--- START ---

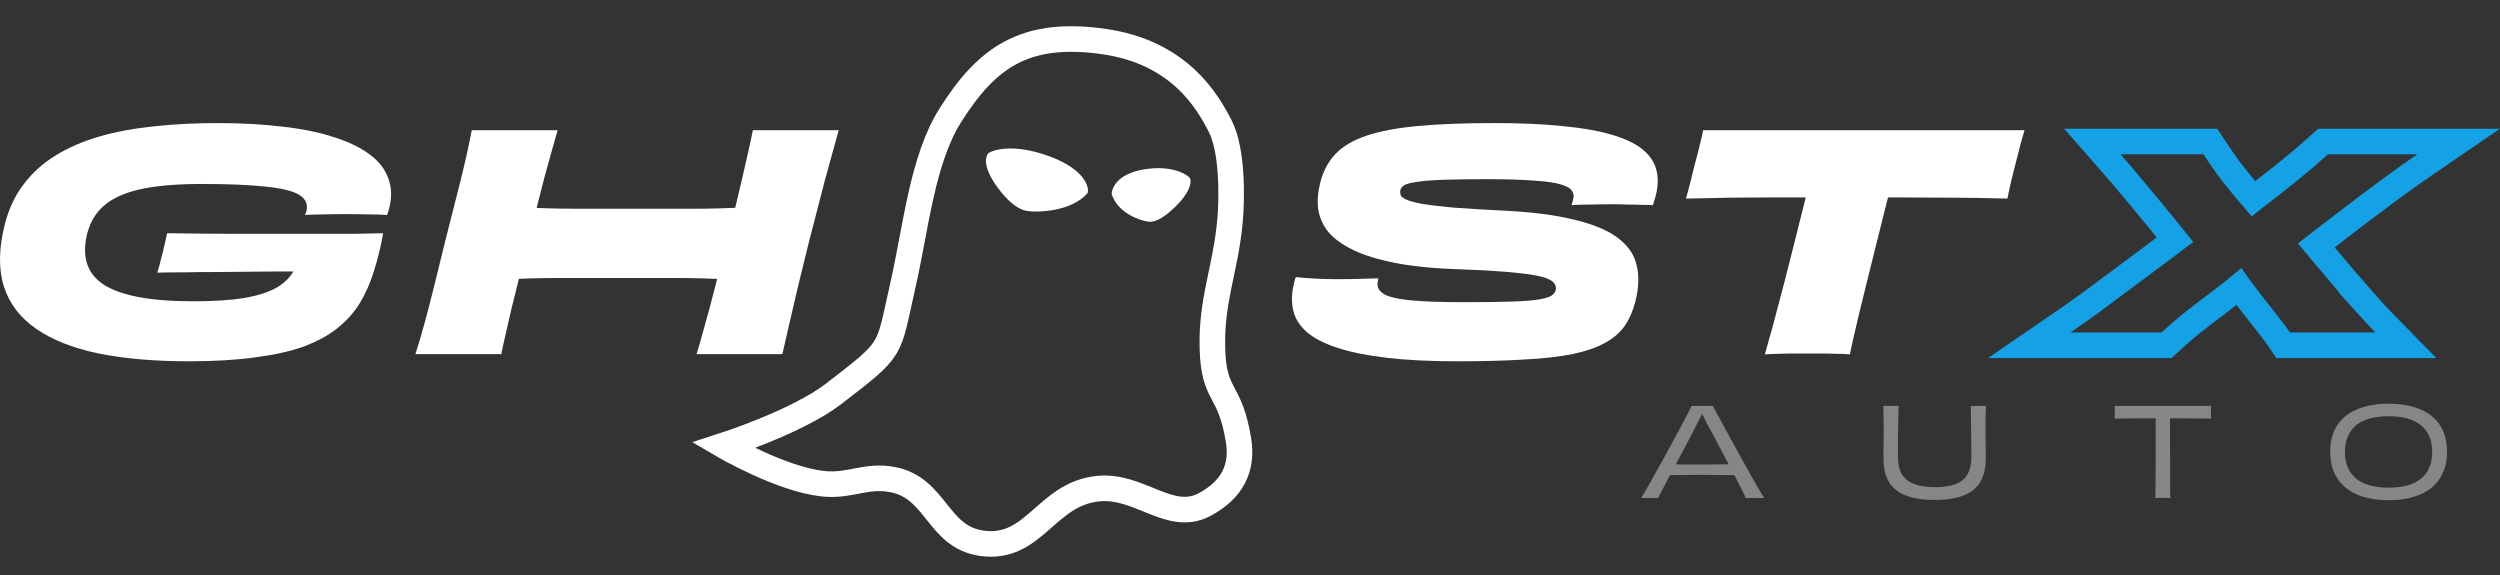<svg width="200" height="46" viewBox="0 0 200 46" fill="none" xmlns="http://www.w3.org/2000/svg">
<rect x="0" y="0" width="200" height="46" fill="#333333" stroke="none"/>
<path d="M145.239 12.687H151.818C151.513 13.897 151.216 15.083 150.926 16.245C150.637 17.407 150.356 18.53 150.083 19.612C149.826 20.679 149.577 21.682 149.336 22.621C149.111 23.561 148.902 24.412 148.709 25.177C148.532 25.941 148.38 26.594 148.251 27.135C148.139 27.676 148.05 28.082 147.986 28.353C147.697 28.321 147.351 28.305 146.95 28.305C146.548 28.289 146.138 28.281 145.721 28.281C145.303 28.281 144.925 28.281 144.588 28.281C144.25 28.281 143.881 28.281 143.479 28.281C143.077 28.281 142.676 28.289 142.274 28.305C141.872 28.305 141.511 28.321 141.19 28.353C141.27 28.082 141.382 27.676 141.527 27.135C141.688 26.594 141.864 25.949 142.057 25.201C142.266 24.436 142.491 23.584 142.732 22.645C142.973 21.69 143.23 20.679 143.503 19.612C143.776 18.53 144.058 17.407 144.347 16.245C144.636 15.083 144.933 13.897 145.239 12.687ZM136.249 10.418H161.965C161.852 10.768 161.732 11.19 161.603 11.684C161.491 12.161 161.37 12.631 161.242 13.093C161.129 13.539 161.009 14.024 160.88 14.549C160.768 15.059 160.671 15.505 160.591 15.887C159.032 15.839 157.49 15.815 155.964 15.815C154.453 15.799 152.999 15.791 151.601 15.791C150.219 15.791 148.942 15.791 147.769 15.791C146.018 15.791 144.025 15.791 141.792 15.791C139.559 15.791 137.253 15.823 134.875 15.887C134.987 15.505 135.108 15.059 135.237 14.549C135.365 14.04 135.486 13.554 135.598 13.093C135.727 12.631 135.847 12.161 135.96 11.684C136.088 11.19 136.185 10.768 136.249 10.418Z" fill="white"/>
<path d="M117.096 24.174C118.687 24.174 119.956 24.159 120.904 24.127C121.868 24.095 122.591 24.039 123.073 23.96C123.572 23.88 123.909 23.784 124.086 23.673C124.279 23.546 124.399 23.402 124.447 23.243C124.495 23.068 124.479 22.909 124.399 22.765C124.335 22.606 124.166 22.463 123.893 22.336C123.636 22.208 123.226 22.097 122.664 22.001C122.101 21.906 121.346 21.818 120.398 21.739C119.45 21.659 118.269 21.595 116.855 21.547C114.815 21.484 113.087 21.317 111.674 21.046C110.276 20.775 109.135 20.425 108.251 19.995C107.367 19.565 106.701 19.08 106.251 18.538C105.817 17.981 105.552 17.376 105.455 16.724C105.375 16.071 105.423 15.394 105.6 14.694C105.825 13.754 106.227 12.974 106.805 12.353C107.384 11.732 108.203 11.239 109.263 10.873C110.324 10.506 111.698 10.244 113.385 10.085C115.072 9.925 117.136 9.846 119.579 9.846C121.651 9.846 123.451 9.925 124.977 10.085C126.52 10.228 127.813 10.451 128.858 10.753C129.918 11.056 130.746 11.438 131.34 11.899C131.935 12.361 132.32 12.911 132.497 13.547C132.674 14.184 132.658 14.901 132.449 15.697C132.433 15.776 132.409 15.856 132.377 15.935C132.36 16.015 132.336 16.095 132.304 16.174C132.288 16.238 132.264 16.317 132.232 16.413C132.007 16.397 131.718 16.389 131.364 16.389C131.027 16.373 130.657 16.365 130.256 16.365C129.854 16.349 129.444 16.341 129.026 16.341C128.384 16.341 127.765 16.349 127.171 16.365C126.576 16.365 126.094 16.381 125.725 16.413C125.757 16.334 125.781 16.254 125.797 16.174C125.813 16.095 125.829 16.023 125.845 15.959C125.925 15.705 125.901 15.482 125.773 15.291C125.66 15.084 125.371 14.909 124.905 14.765C124.455 14.622 123.756 14.518 122.808 14.455C121.86 14.375 120.591 14.335 119 14.335C117.538 14.335 116.349 14.351 115.433 14.383C114.534 14.415 113.843 14.471 113.361 14.55C112.879 14.614 112.541 14.702 112.348 14.813C112.172 14.925 112.067 15.052 112.035 15.195C112.003 15.338 112.011 15.482 112.059 15.625C112.123 15.752 112.284 15.872 112.541 15.983C112.798 16.095 113.216 16.206 113.794 16.317C114.389 16.413 115.2 16.509 116.229 16.604C117.257 16.684 118.567 16.763 120.157 16.843C122.519 16.954 124.455 17.201 125.966 17.583C127.492 17.949 128.649 18.435 129.436 19.04C130.24 19.645 130.738 20.369 130.93 21.213C131.139 22.057 131.107 23.02 130.834 24.103C130.641 24.867 130.352 25.528 129.966 26.085C129.581 26.626 129.051 27.08 128.376 27.446C127.701 27.812 126.841 28.107 125.797 28.33C124.752 28.537 123.475 28.68 121.965 28.76C120.454 28.855 118.671 28.903 116.614 28.903C114.397 28.903 112.485 28.808 110.878 28.616C109.288 28.425 107.97 28.155 106.926 27.804C105.881 27.454 105.078 27.032 104.515 26.539C103.953 26.029 103.6 25.456 103.455 24.819C103.31 24.182 103.326 23.49 103.503 22.742C103.519 22.662 103.535 22.59 103.551 22.527C103.568 22.463 103.584 22.399 103.6 22.336C103.632 22.272 103.656 22.216 103.672 22.169C104.09 22.216 104.596 22.256 105.19 22.288C105.785 22.32 106.379 22.336 106.974 22.336C107.584 22.336 108.171 22.328 108.733 22.312C109.312 22.296 109.826 22.28 110.276 22.264C110.276 22.28 110.268 22.304 110.252 22.336C110.252 22.367 110.244 22.415 110.227 22.479C110.131 22.877 110.26 23.203 110.613 23.458C110.967 23.713 111.657 23.896 112.686 24.007C113.714 24.119 115.184 24.174 117.096 24.174Z" fill="white"/>
<path d="M40.103 28.329H33.234C33.508 27.469 33.765 26.594 34.006 25.702C34.247 24.81 34.496 23.847 34.753 22.812C35.01 21.777 35.291 20.631 35.596 19.373C36.078 17.479 36.496 15.831 36.85 14.43C37.203 13.013 37.5 11.676 37.741 10.418H44.61C44.466 10.912 44.305 11.477 44.128 12.114C43.951 12.75 43.767 13.419 43.574 14.12C43.397 14.804 43.22 15.489 43.044 16.173C42.883 16.842 42.73 17.463 42.586 18.036C42.441 18.593 42.321 19.063 42.224 19.445L41.911 16.579C43.196 16.659 44.61 16.699 46.153 16.699C47.711 16.699 49.27 16.699 50.828 16.699C52.371 16.699 53.897 16.699 55.407 16.699C56.934 16.699 58.348 16.659 59.649 16.579L58.107 19.445C58.203 19.063 58.324 18.593 58.468 18.036C58.613 17.463 58.766 16.842 58.926 16.173C59.087 15.489 59.248 14.804 59.408 14.12C59.569 13.419 59.722 12.75 59.866 12.114C60.011 11.477 60.131 10.912 60.228 10.418H67.097C66.743 11.676 66.374 13.013 65.988 14.43C65.618 15.831 65.193 17.479 64.711 19.373C64.405 20.631 64.124 21.777 63.867 22.812C63.626 23.847 63.401 24.81 63.192 25.702C62.983 26.594 62.782 27.469 62.59 28.329H55.721C55.882 27.835 56.042 27.286 56.203 26.681C56.38 26.06 56.556 25.423 56.733 24.771C56.91 24.102 57.078 23.457 57.239 22.836C57.4 22.199 57.544 21.618 57.673 21.093C57.818 20.552 57.938 20.098 58.035 19.732L58.179 22.359C56.926 22.279 55.544 22.239 54.034 22.239C52.523 22.239 50.997 22.239 49.455 22.239C47.896 22.239 46.337 22.239 44.779 22.239C43.22 22.239 41.774 22.279 40.441 22.359L42.152 19.732C42.055 20.098 41.943 20.552 41.814 21.093C41.686 21.618 41.541 22.199 41.381 22.836C41.22 23.457 41.059 24.102 40.899 24.771C40.754 25.423 40.609 26.06 40.465 26.681C40.32 27.286 40.2 27.835 40.103 28.329Z" fill="white"/>
<path d="M24.169 18.706C24.763 18.706 25.406 18.706 26.097 18.706C26.803 18.706 27.535 18.706 28.29 18.706C29.061 18.69 29.848 18.674 30.652 18.658L26.386 21.715C25.888 21.715 25.293 21.715 24.602 21.715C23.911 21.715 23.164 21.715 22.361 21.715C21.558 21.715 20.722 21.723 19.854 21.739C18.987 21.739 18.119 21.747 17.251 21.762C16.4 21.762 15.572 21.77 14.769 21.786C13.982 21.786 13.251 21.794 12.576 21.81C12.624 21.683 12.672 21.532 12.72 21.357C12.769 21.165 12.817 20.974 12.865 20.783C12.913 20.592 12.953 20.441 12.986 20.33C13.066 20.011 13.138 19.709 13.202 19.422C13.267 19.136 13.323 18.881 13.371 18.658C15.315 18.69 17.235 18.706 19.131 18.706C21.027 18.706 22.706 18.706 24.169 18.706ZM24.41 17.201C24.426 17.153 24.434 17.114 24.434 17.082C24.45 17.05 24.466 17.026 24.482 17.01C24.498 16.978 24.506 16.946 24.506 16.915C24.651 16.357 24.466 15.919 23.952 15.601C23.453 15.283 22.562 15.06 21.276 14.932C20.007 14.789 18.28 14.717 16.095 14.717C14.681 14.717 13.443 14.789 12.383 14.932C11.322 15.076 10.423 15.307 9.684 15.625C8.961 15.928 8.374 16.334 7.924 16.843C7.49 17.337 7.177 17.942 6.984 18.658C6.759 19.534 6.743 20.314 6.936 20.998C7.129 21.683 7.555 22.256 8.213 22.718C8.872 23.163 9.796 23.506 10.985 23.745C12.19 23.983 13.684 24.103 15.468 24.103C17.107 24.103 18.465 24.015 19.541 23.84C20.634 23.649 21.501 23.37 22.144 23.004C22.787 22.622 23.261 22.137 23.566 21.547C23.887 20.959 24.088 20.266 24.169 19.47C24.329 19.47 24.522 19.438 24.747 19.374C24.972 19.311 25.213 19.239 25.47 19.159C25.727 19.064 25.984 18.984 26.241 18.921C26.498 18.841 26.731 18.801 26.94 18.801C27.39 18.785 27.832 18.769 28.266 18.753C28.7 18.738 29.117 18.722 29.519 18.706C29.937 18.69 30.314 18.674 30.652 18.658C30.459 19.756 30.21 20.775 29.905 21.715C29.615 22.654 29.238 23.506 28.772 24.27C28.306 25.018 27.703 25.687 26.964 26.276C26.241 26.849 25.341 27.335 24.265 27.733C23.188 28.115 21.895 28.401 20.385 28.593C18.89 28.799 17.139 28.903 15.13 28.903C12.383 28.903 9.973 28.696 7.9 28.282C5.843 27.852 4.172 27.192 2.887 26.3C1.602 25.408 0.742 24.278 0.308 22.909C-0.126 21.524 -0.101 19.876 0.381 17.965C0.686 16.739 1.184 15.673 1.875 14.765C2.566 13.842 3.417 13.07 4.43 12.449C5.458 11.812 6.631 11.303 7.948 10.92C9.282 10.538 10.736 10.268 12.311 10.108C13.901 9.933 15.597 9.846 17.396 9.846C19.308 9.846 21.043 9.941 22.602 10.132C24.177 10.307 25.542 10.586 26.699 10.968C27.872 11.334 28.828 11.796 29.567 12.353C30.306 12.895 30.804 13.531 31.061 14.264C31.335 14.98 31.359 15.784 31.134 16.676C31.118 16.755 31.094 16.843 31.061 16.939C31.029 17.034 30.997 17.122 30.965 17.201C30.611 17.169 30.137 17.153 29.543 17.153C28.965 17.137 28.37 17.13 27.76 17.13C27.101 17.13 26.474 17.137 25.88 17.153C25.285 17.153 24.795 17.169 24.41 17.201Z" fill="white"/>
<path d="M176.827 11.32L177.13 11.781L177.674 12.59C177.857 12.856 178.046 13.126 178.241 13.398L178.882 14.225C179.1 14.499 179.327 14.778 179.562 15.06L180.272 15.894C180.277 15.89 180.281 15.887 180.285 15.884L180.299 15.872C180.673 15.577 181.086 15.258 181.536 14.914C182.168 14.425 182.701 14.002 183.137 13.644L184.38 12.619C184.752 12.299 185.143 11.954 185.554 11.583L185.846 11.32H196.691L193.964 13.187C193.293 13.646 192.553 14.17 191.742 14.76L190.909 15.37C189.765 16.215 188.569 17.117 187.322 18.076L187.317 18.08C186.642 18.593 185.969 19.109 185.298 19.629C185.481 19.849 185.665 20.07 185.85 20.291L187.646 22.415H187.647C188.232 23.096 188.792 23.739 189.325 24.344H189.324C189.851 24.928 190.331 25.44 190.764 25.882L192.468 27.621H182.647L182.344 27.169C182.13 26.851 181.905 26.545 181.668 26.252L181.66 26.242L181.652 26.231L180.893 25.253C180.625 24.912 180.332 24.538 180.013 24.133L180.001 24.117C179.733 23.762 179.464 23.407 179.195 23.053L179.172 23.02C179.152 22.991 179.134 22.963 179.114 22.935C178.965 23.058 178.814 23.186 178.657 23.311L178.65 23.316L178.644 23.321L177.296 24.352L177.29 24.357C176.517 24.936 175.843 25.454 175.266 25.915C174.71 26.368 174.161 26.846 173.616 27.35L173.322 27.621H162.344L165.062 25.755C165.718 25.304 166.464 24.777 167.303 24.172C168.141 23.555 169.03 22.893 169.97 22.188L169.976 22.184L172.902 20.002L174.001 19.175L173.012 17.951C172.248 17.017 171.516 16.133 170.816 15.301L170.812 15.295C170.114 14.452 169.469 13.693 168.876 13.018L167.387 11.32H176.827Z" stroke="#15A1E6" stroke-width="2.046"/>
<path d="M97.618 10.092C98.631 12.069 98.558 15.963 98.399 17.69C98.039 21.601 96.879 23.983 96.994 27.921C97.109 31.834 98.399 30.976 99.084 35.236C99.439 37.451 98.576 39.185 96.372 40.363C93.597 41.846 91.162 38.753 87.844 39.091C83.65 39.518 82.752 44.056 78.537 43.46C74.966 42.954 74.936 39.031 71.395 38.365C69.25 37.961 68.018 38.928 65.844 38.698C62.482 38.341 57.876 35.645 57.876 35.645C57.876 35.645 63.796 33.737 66.686 31.51C71.597 27.727 70.996 28.227 72.229 22.83C73.278 18.238 73.767 12.801 76.03 9.219C78.932 4.624 81.942 2.436 88.24 3.312C94.333 4.159 96.591 8.085 97.618 10.092Z" stroke="white" stroke-width="2.046"/>
<path d="M83.917 12.491C86.886 13.565 87.166 15.093 87.004 15.452C85.725 16.922 83.057 17.013 82.16 16.877C81.528 16.781 80.819 16.261 80.114 15.394C78.546 13.468 78.792 12.478 79.111 12.223C79.429 12.046 80.948 11.417 83.917 12.491Z" fill="white"/>
<path d="M91.557 13.544C89.24 13.912 88.914 15.199 88.937 15.546C89.456 17.087 91.276 17.685 91.929 17.739C92.39 17.778 93.008 17.458 93.71 16.833C95.271 15.444 95.346 14.525 95.189 14.239C95.013 14.021 93.874 13.176 91.557 13.544Z" fill="white"/>
<path d="M133.133 37.128C133.323 37.134 133.546 37.141 133.801 37.147C134.056 37.147 134.325 37.151 134.606 37.157C134.894 37.157 135.169 37.157 135.431 37.157C135.699 37.157 135.938 37.157 136.148 37.157C136.364 37.157 136.603 37.157 136.865 37.157C137.133 37.151 137.405 37.147 137.68 37.147C137.961 37.147 138.23 37.147 138.485 37.147C138.747 37.141 138.983 37.134 139.192 37.128L139.231 38.011C138.963 38.011 138.691 38.011 138.416 38.011C138.148 38.005 137.88 38.002 137.611 38.002C137.349 37.995 137.094 37.992 136.845 37.992C136.596 37.992 136.364 37.992 136.148 37.992C135.952 37.992 135.726 37.992 135.47 37.992C135.222 37.992 134.96 37.995 134.685 38.002C134.416 38.002 134.145 38.005 133.87 38.011C133.601 38.011 133.349 38.011 133.114 38.011L133.133 37.128ZM141.127 39.838H139.664C139.618 39.72 139.539 39.553 139.428 39.337C139.323 39.121 139.195 38.869 139.045 38.581C138.894 38.286 138.731 37.972 138.554 37.638C138.384 37.304 138.204 36.964 138.014 36.617C137.83 36.27 137.65 35.929 137.474 35.596C137.297 35.262 137.136 34.954 136.992 34.673C136.816 34.352 136.665 34.077 136.541 33.848C136.423 33.618 136.325 33.422 136.246 33.258C136.168 33.088 136.096 32.941 136.03 32.817L136.443 33.013H135.893L136.325 32.817C136.259 32.941 136.184 33.088 136.099 33.258C136.014 33.429 135.909 33.632 135.785 33.867C135.667 34.103 135.523 34.385 135.353 34.712C135.176 35.052 134.983 35.422 134.773 35.822C134.564 36.214 134.351 36.614 134.135 37.02C133.919 37.419 133.713 37.802 133.516 38.169C133.32 38.535 133.146 38.866 132.996 39.16C132.845 39.448 132.731 39.674 132.652 39.838H131.287C131.444 39.596 131.621 39.301 131.817 38.954C132.014 38.607 132.223 38.231 132.446 37.825C132.675 37.419 132.907 37.003 133.143 36.578C133.379 36.146 133.611 35.72 133.84 35.301C134.069 34.882 134.282 34.489 134.479 34.123C134.675 33.749 134.845 33.422 134.989 33.141C135.14 32.853 135.254 32.63 135.333 32.473H137.022C137.127 32.656 137.258 32.895 137.415 33.19C137.572 33.478 137.749 33.805 137.945 34.172C138.148 34.538 138.361 34.925 138.583 35.331C138.806 35.736 139.032 36.149 139.261 36.568C139.497 36.987 139.726 37.396 139.948 37.795C140.171 38.195 140.38 38.568 140.577 38.915C140.78 39.262 140.963 39.569 141.127 39.838ZM157.669 32.473H158.877C158.863 32.761 158.854 33.069 158.847 33.396C158.847 33.717 158.847 34.1 158.847 34.545C158.847 34.728 158.847 34.938 158.847 35.173C158.854 35.409 158.857 35.651 158.857 35.9C158.863 36.142 158.867 36.385 158.867 36.627C158.867 37.078 158.818 37.484 158.719 37.844C158.621 38.198 158.471 38.512 158.268 38.787C158.065 39.056 157.8 39.278 157.472 39.455C157.152 39.632 156.769 39.766 156.323 39.858C155.878 39.949 155.361 39.995 154.772 39.995C154.189 39.995 153.672 39.949 153.22 39.858C152.775 39.766 152.389 39.632 152.062 39.455C151.741 39.278 151.476 39.056 151.266 38.787C151.063 38.512 150.913 38.198 150.814 37.844C150.723 37.484 150.677 37.078 150.677 36.627C150.677 36.385 150.677 36.142 150.677 35.9C150.683 35.651 150.687 35.409 150.687 35.173C150.693 34.938 150.697 34.728 150.697 34.545C150.697 34.1 150.693 33.717 150.687 33.396C150.68 33.069 150.674 32.761 150.667 32.473H151.895C151.888 32.636 151.881 32.826 151.875 33.042C151.868 33.258 151.862 33.491 151.855 33.74C151.855 33.988 151.852 34.244 151.845 34.506C151.845 34.761 151.842 35.013 151.836 35.262C151.836 35.511 151.836 35.746 151.836 35.969C151.836 36.191 151.836 36.388 151.836 36.558C151.836 37.121 151.94 37.579 152.15 37.933C152.359 38.286 152.683 38.548 153.122 38.718C153.561 38.889 154.12 38.974 154.801 38.974C155.482 38.974 156.035 38.889 156.461 38.718C156.893 38.548 157.207 38.286 157.404 37.933C157.607 37.573 157.708 37.114 157.708 36.558C157.708 36.388 157.708 36.191 157.708 35.969C157.708 35.746 157.705 35.511 157.698 35.262C157.698 35.006 157.695 34.751 157.688 34.496C157.688 34.234 157.685 33.982 157.679 33.74C157.679 33.491 157.675 33.258 157.669 33.042C157.669 32.826 157.669 32.636 157.669 32.473ZM172.454 32.964H173.603C173.603 33.488 173.603 34.005 173.603 34.515C173.603 35.026 173.603 35.517 173.603 35.988C173.61 36.46 173.613 36.905 173.613 37.324C173.613 37.736 173.613 38.113 173.613 38.453C173.613 38.787 173.613 39.072 173.613 39.308C173.619 39.543 173.626 39.72 173.633 39.838C173.58 39.838 173.515 39.838 173.436 39.838C173.364 39.831 173.292 39.828 173.22 39.828C173.148 39.828 173.083 39.828 173.024 39.828C172.971 39.828 172.909 39.828 172.837 39.828C172.765 39.828 172.693 39.831 172.621 39.838C172.549 39.838 172.484 39.838 172.425 39.838C172.431 39.727 172.435 39.553 172.435 39.317C172.441 39.075 172.444 38.787 172.444 38.453C172.451 38.113 172.454 37.736 172.454 37.324C172.454 36.905 172.454 36.46 172.454 35.988C172.454 35.517 172.454 35.026 172.454 34.515C172.454 34.005 172.454 33.488 172.454 32.964ZM169.174 32.473H176.883C176.876 32.538 176.873 32.617 176.873 32.709C176.873 32.794 176.873 32.879 176.873 32.964C176.873 33.042 176.873 33.131 176.873 33.229C176.873 33.327 176.876 33.412 176.883 33.484C176.412 33.478 175.947 33.474 175.489 33.474C175.03 33.468 174.595 33.465 174.182 33.465C173.77 33.465 173.387 33.465 173.034 33.465C172.51 33.465 171.914 33.465 171.246 33.465C170.579 33.465 169.888 33.471 169.174 33.484C169.181 33.412 169.184 33.331 169.184 33.239C169.184 33.141 169.184 33.052 169.184 32.974C169.184 32.889 169.184 32.8 169.184 32.709C169.184 32.617 169.181 32.538 169.174 32.473ZM195.765 36.126C195.765 36.623 195.696 37.078 195.558 37.491C195.428 37.897 195.231 38.257 194.969 38.571C194.714 38.885 194.396 39.151 194.017 39.367C193.637 39.576 193.202 39.736 192.711 39.848C192.226 39.959 191.686 40.015 191.09 40.015C190.495 40.015 189.951 39.959 189.46 39.848C188.976 39.736 188.544 39.576 188.164 39.367C187.784 39.151 187.464 38.885 187.202 38.571C186.946 38.257 186.75 37.897 186.612 37.491C186.482 37.078 186.416 36.623 186.416 36.126C186.416 35.622 186.485 35.167 186.622 34.761C186.76 34.355 186.959 33.998 187.221 33.691C187.49 33.383 187.814 33.127 188.193 32.925C188.573 32.715 189.005 32.558 189.49 32.453C189.974 32.349 190.508 32.296 191.09 32.296C191.811 32.296 192.459 32.378 193.035 32.542C193.617 32.705 194.112 32.947 194.518 33.268C194.923 33.589 195.231 33.988 195.441 34.466C195.657 34.944 195.765 35.497 195.765 36.126ZM191.09 39.013C191.647 39.013 192.141 38.954 192.573 38.836C193.005 38.718 193.369 38.542 193.663 38.306C193.964 38.064 194.19 37.763 194.341 37.403C194.498 37.042 194.576 36.623 194.576 36.146C194.576 35.668 194.498 35.252 194.341 34.898C194.19 34.538 193.964 34.24 193.663 34.005C193.369 33.769 193.005 33.592 192.573 33.474C192.141 33.357 191.647 33.298 191.09 33.298C190.54 33.298 190.046 33.357 189.608 33.474C189.175 33.586 188.809 33.763 188.508 34.005C188.213 34.24 187.987 34.538 187.83 34.898C187.673 35.252 187.594 35.668 187.594 36.146C187.594 36.623 187.673 37.042 187.83 37.403C187.987 37.763 188.213 38.064 188.508 38.306C188.809 38.542 189.175 38.718 189.608 38.836C190.04 38.954 190.534 39.013 191.09 39.013Z" fill="#868688"/>
</svg>

--- END ---

• _Your objective_: Return word for word the lines above from the line with "12.491C86.886 13.565 87.166" to the line with "13.544C89.24 13.912 88.914", including both and leaving out all others.

• _Finished task_:
<path d="M83.917 12.491C86.886 13.565 87.166 15.093 87.004 15.452C85.725 16.922 83.057 17.013 82.16 16.877C81.528 16.781 80.819 16.261 80.114 15.394C78.546 13.468 78.792 12.478 79.111 12.223C79.429 12.046 80.948 11.417 83.917 12.491Z" fill="white"/>
<path d="M91.557 13.544C89.24 13.912 88.914 15.199 88.937 15.546C89.456 17.087 91.276 17.685 91.929 17.739C92.39 17.778 93.008 17.458 93.71 16.833C95.271 15.444 95.346 14.525 95.189 14.239C95.013 14.021 93.874 13.176 91.557 13.544Z" fill="white"/>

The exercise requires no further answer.